The ICTR is on the verge of closing its doors as it approaches its 20th anniversary in November 2014. According to ICTR spokesperson Roland Amoussouga, the tribunal has cost 1.6 billion dollars as of 31st December 2011, having processed a total of 75 cases. Currently in the process of downsizing its large structure in Arusha Tanzania and transferring its powers to the MICT (Mechanism of the International Crimes Tribunal), the tribunal finds itself amidst a legal paradox: Funded by the UN with the approval of the Security Council’s member state countries, the ICTR finds that those very same countries have now turned their backs on the tribunal’s efforts to relocate the acquitted men to the countries where their exiled families live. The right to respect for family life is guaranteed by international conventions; in particular by the European Convention on Human Rights, the revised European Social Charter, the European Convention on the Legal Status of Migrant Workers as well as the UN Convention on the Rights of the Child.

This has led the ICTR later in 2013 to renew its attempts to relocate them, but this time to Ghana, Burkina Faso and Cote D’Ivoire, where a moral stance towards the Rwandan genocide is far less problematic. All men living in the Arusha safe house refused such an ‘offer’.

A lot is at stake for the ICTR, which expects to have completed all pending judgments before the end of 2014 as part of the residual mechanism. In their latest report (15 May 2014), the president of the ICTR Judge Vagn Joensen wrote: “Without the enhanced cooperation of Member States in certain areas, it will be extremely difficult for the Tribunal to successfully complete its mandate.

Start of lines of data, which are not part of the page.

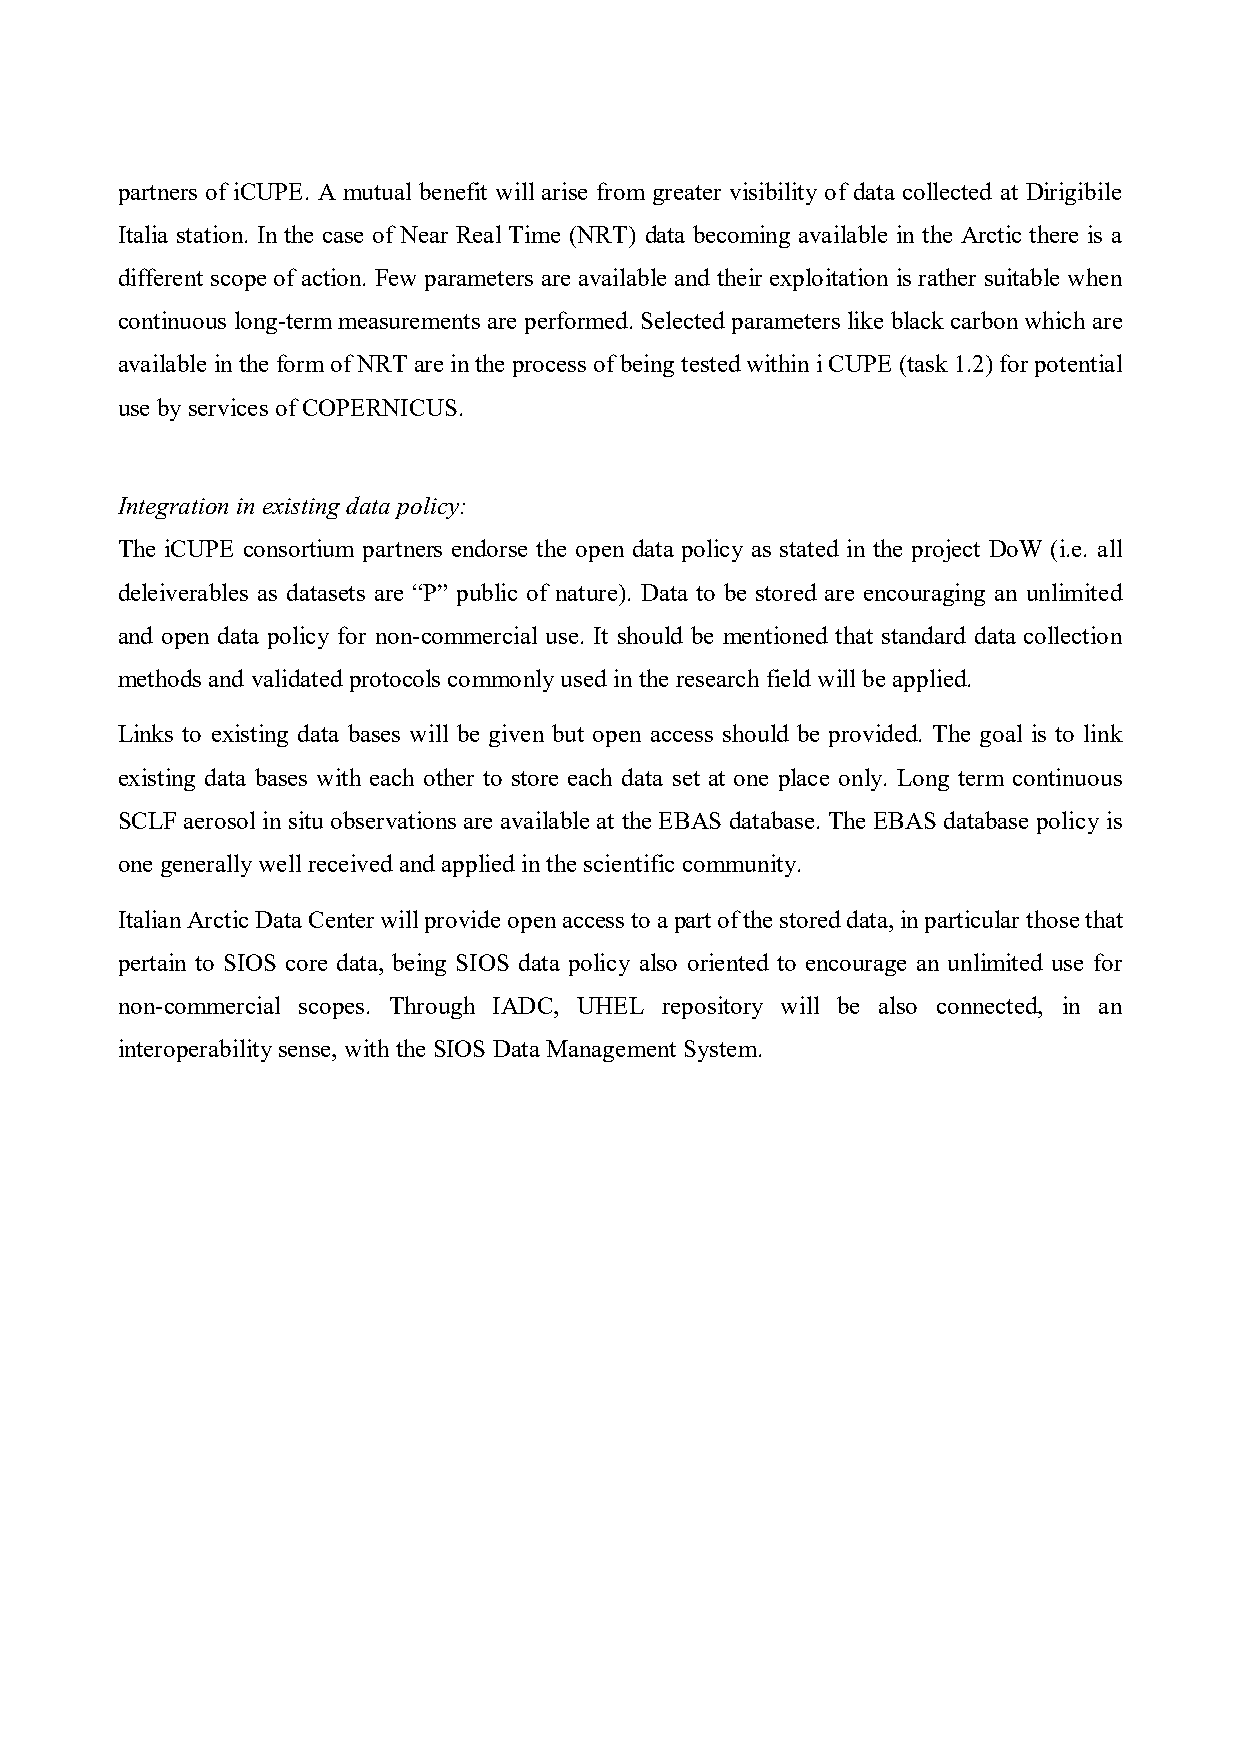
partners of iCUPE. A mutual benefit will arise from greater visibility of data collected at Dirigibile
 Italia station. In the case of Near Real Time (NRT) data becoming available in the Arctic there is a
 different scope of action. Few parameters are available and their exploitation is rather suitable when
 continuous long-term measurements are performed. Selected parameters like black carbon which are
 available in the form of NRT are in the process of being tested within i CUPE (task 1.2) for potential
 use by services of COPERNICUS.
 Integration in existing data policy:
 The iCUPE consortium partners endorse the open data policy as stated in the project DoW (i.e. all
 deleiverables as datasets are “P” public of nature). Data to be stored are encouraging an unlimited
 and open data policy for non-commercial use. It should be mentioned that standard data collection
 methods and validated protocols commonly used in the research field will be applied.
 Links to existing data bases will be given but open access should be provided. The goal is to link
 existing data bases with each other to store each data set at one place only. Long term continuous
 SCLF aerosol in situ observations are available at the EBAS database. The EBAS database policy is
 one generally well received and applied in the scientific community.
 Italian Arctic Data Center will provide open access to a part of the stored data, in particular those that
 pertain to SIOS core data, being SIOS data policy also oriented to encourage an unlimited use for
 non-commercial scopes. Through IADC, UHEL repository will be also connected, in an
 interoperability sense, with the SIOS Data Management System.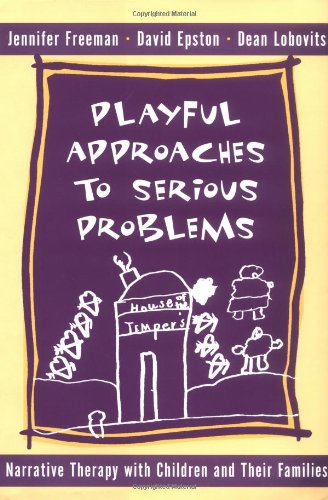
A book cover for Playful Approaches to Serious Problems: Narrative Therapy with Children and their Families (Norton Professional Books); David Epston; Health, Fitness & Dieting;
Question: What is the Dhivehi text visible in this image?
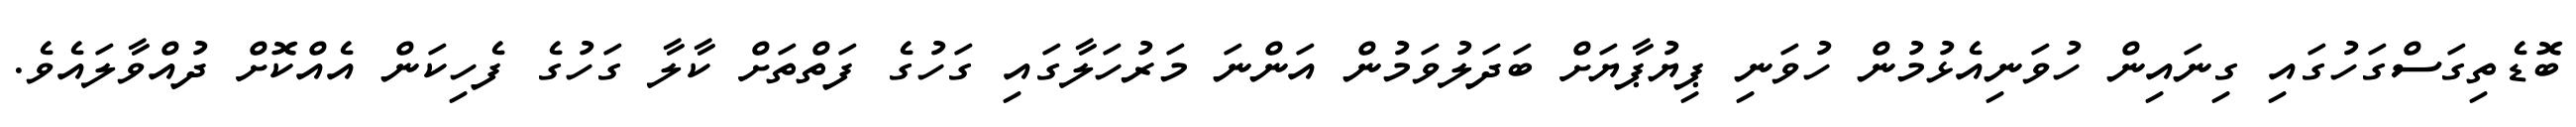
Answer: ބޮޑެތިގަސްގަހުގައި ގިނައިން ހުވަނިއެޅުމުން ހުވަނި ޕިޔުޕާޔަށް ބަދަލުވަމުން އަންނަ މަރުހަލާގައި ގަހުގެ ފަތްތަށް ކާލާ ގަހުގެ ފެހިކަން އެއްކޮށް ދުއްވާލައެވެ.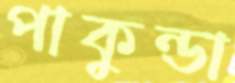
পাকুন্ডা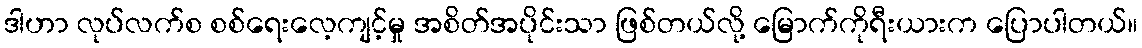
ဒါဟာ လုပ်လက်စ စစ်ရေးလေ့ကျင့်မှု အစိတ်အပိုင်းသာ ဖြစ်တယ်လို့ မြောက်ကိုရီးယားက ပြောပါတယ်။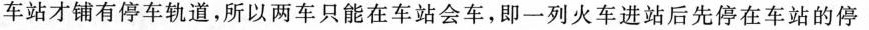
车站才铺有停车轨道，所以两车只能在车站会车，即一列火车进站后先停在车站的停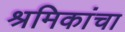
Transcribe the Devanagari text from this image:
श्रमिकांचा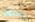
وأحاول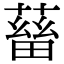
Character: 𤲸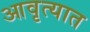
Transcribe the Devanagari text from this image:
आवृत्यात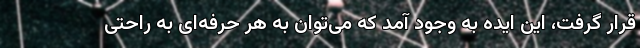
قرار گرفت، این ایده به وجود آمد که می‌توان به هر حرفه‌ای به راحتی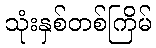
သုံးနှစ်တစ်ကြိမ်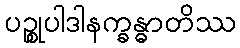
ပဉ္စုပါဒါနက္ခန္ဓာတိဿ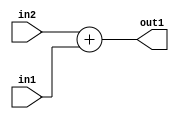
`timescale 1ps / 1ps
/*****************************************************************************
    Verilog RTL Description
    
    
    Created by: Stratus DpOpt 2019.1.01 
*******************************************************************************/

module SobelFilter_Add_11Ux9U_11U_1 (
	in2,
	in1,
	out1
	); /* architecture "behavioural" */ 
input [10:0] in2;
input [8:0] in1;
output [10:0] out1;
wire [10:0] asc001;

assign asc001 = 
	+(in2)
	+(in1);

assign out1 = asc001;
endmodule

/* CADENCE  ubL0TAs= : u9/ySgnWtBlWxVPRXgAZ4Og= ** DO NOT EDIT THIS LINE ******/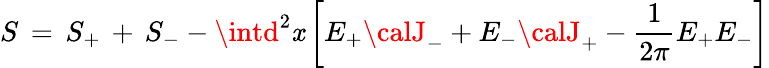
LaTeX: S\, =\, S_{+}\, +\, S_{-}-\intd^{2}\mathit{x}\left[E_{+}{\calJ}_{-}+E_{-}{\calJ}_{+}-{\frac{{1}}{{2\pi}}}E_{+}E_{-}\right]

In addition to focusing on ongoing cases, cooperation also included requests for assistance in the relocation of acquitted and released persons still residing in Arusha, United Republic of Tanzania. In spite of the two Security Council resolutions in which the Council called upon Member States to assist, none have offered such assistance since the resolutions were passed. The fact that article 28 of the statute of the Tribunal does not obligate Member States to cooperate in matters of relocation has not assisted the Tribunal. (…) Since the previous report and consistent with the strategic plan, the President and the Registrar have made concerted efforts to relocate the acquitted and released persons outside the United Republic of Tanzania, but with very little success. The President met with representatives from various European countries during meetings in New York and Europe, while the Registrar visited four countries in Africa and the Chair of the African Union Commission in Addis Ababa to present the idea of relocation.”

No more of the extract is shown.